On launch day, Binance mysteriously decided to list SUSHI on its exchange, which surprised the entire community. Trading for a dollar only days before launch, the Binance listing catapulted SUSHI to $15 at one point. However, the token quickly plunged after several audits revealed vulnerabilities in the code. Even worse, the Twitter community found out that the dev wallet contains $27 million worth of SUSHI. The wallet had no time-lock restrictions or other smart contract capabilities that would prevent the founder from selling all his assets.
A week later, the SushiSwap founder decided to leave the project as a result of community disapproval. The main developer sold half of his assets contained within the developer wallet, leading to a 50% price drop. Thought to be a dead project, the situation quickly changed as FTX CEO Sam Bankman-Fried made a deal and acquired SushiSwap.
The world of yield farming is increasingly complex throughout each day. New projects come and go and leading smart contract auditing firms reveal which ones are safe to use or not. To make matters even harder, yield rates significantly fluctuate and investors keep locking and unlocking their assets.
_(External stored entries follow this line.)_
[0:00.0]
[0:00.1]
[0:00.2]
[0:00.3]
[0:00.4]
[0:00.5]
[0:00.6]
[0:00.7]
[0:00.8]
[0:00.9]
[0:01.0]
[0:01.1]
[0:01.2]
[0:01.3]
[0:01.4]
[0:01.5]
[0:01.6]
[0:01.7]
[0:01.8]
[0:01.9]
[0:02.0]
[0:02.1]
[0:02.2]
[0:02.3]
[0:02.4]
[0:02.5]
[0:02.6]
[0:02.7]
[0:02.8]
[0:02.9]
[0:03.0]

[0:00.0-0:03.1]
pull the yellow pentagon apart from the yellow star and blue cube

However, the process is not as bad as it seems. Farmers determined to make the best returns with their assets will always seek the best liquidity pools. As we already mentioned, some protocols even provide users with an automated engine that changes where you lend your assets based on yield rates.
We also learned that some platforms provide higher or lower risks for yield farming depending on which system they use. Impermanent loss is the number one enemy for any respectable farmer and preventing losses should be his highest priority.
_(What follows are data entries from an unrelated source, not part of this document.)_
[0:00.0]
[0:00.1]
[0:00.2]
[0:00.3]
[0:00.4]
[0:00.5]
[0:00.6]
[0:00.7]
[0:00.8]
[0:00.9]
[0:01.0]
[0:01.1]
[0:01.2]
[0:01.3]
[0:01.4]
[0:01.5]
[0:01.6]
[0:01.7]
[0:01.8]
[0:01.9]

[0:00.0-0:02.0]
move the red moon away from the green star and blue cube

Another cool detail to focus on is the use of governance tokens. Decentralized Autonomous Organizations (DAO) that employ governance tokens turn transparency and decentralization into the pillars of a platform. If token holders can vote, they hold the keys to the future of the platform. In that regard, we can consider yield farming protocols that adopt governance tokens far safer to use.
Even though the sector has slowed down for a while due to the entire market cooling off, there is still a chance to participate in a future second hype wave. Remember, DeFi investors are so far the only people who participate in yield farming. Imagine the yield rates you can make when Bitcoin officially enters a bull run and retail starts joining the rest of us. With that in mind, consider yourself lucky that you are still an early adopter.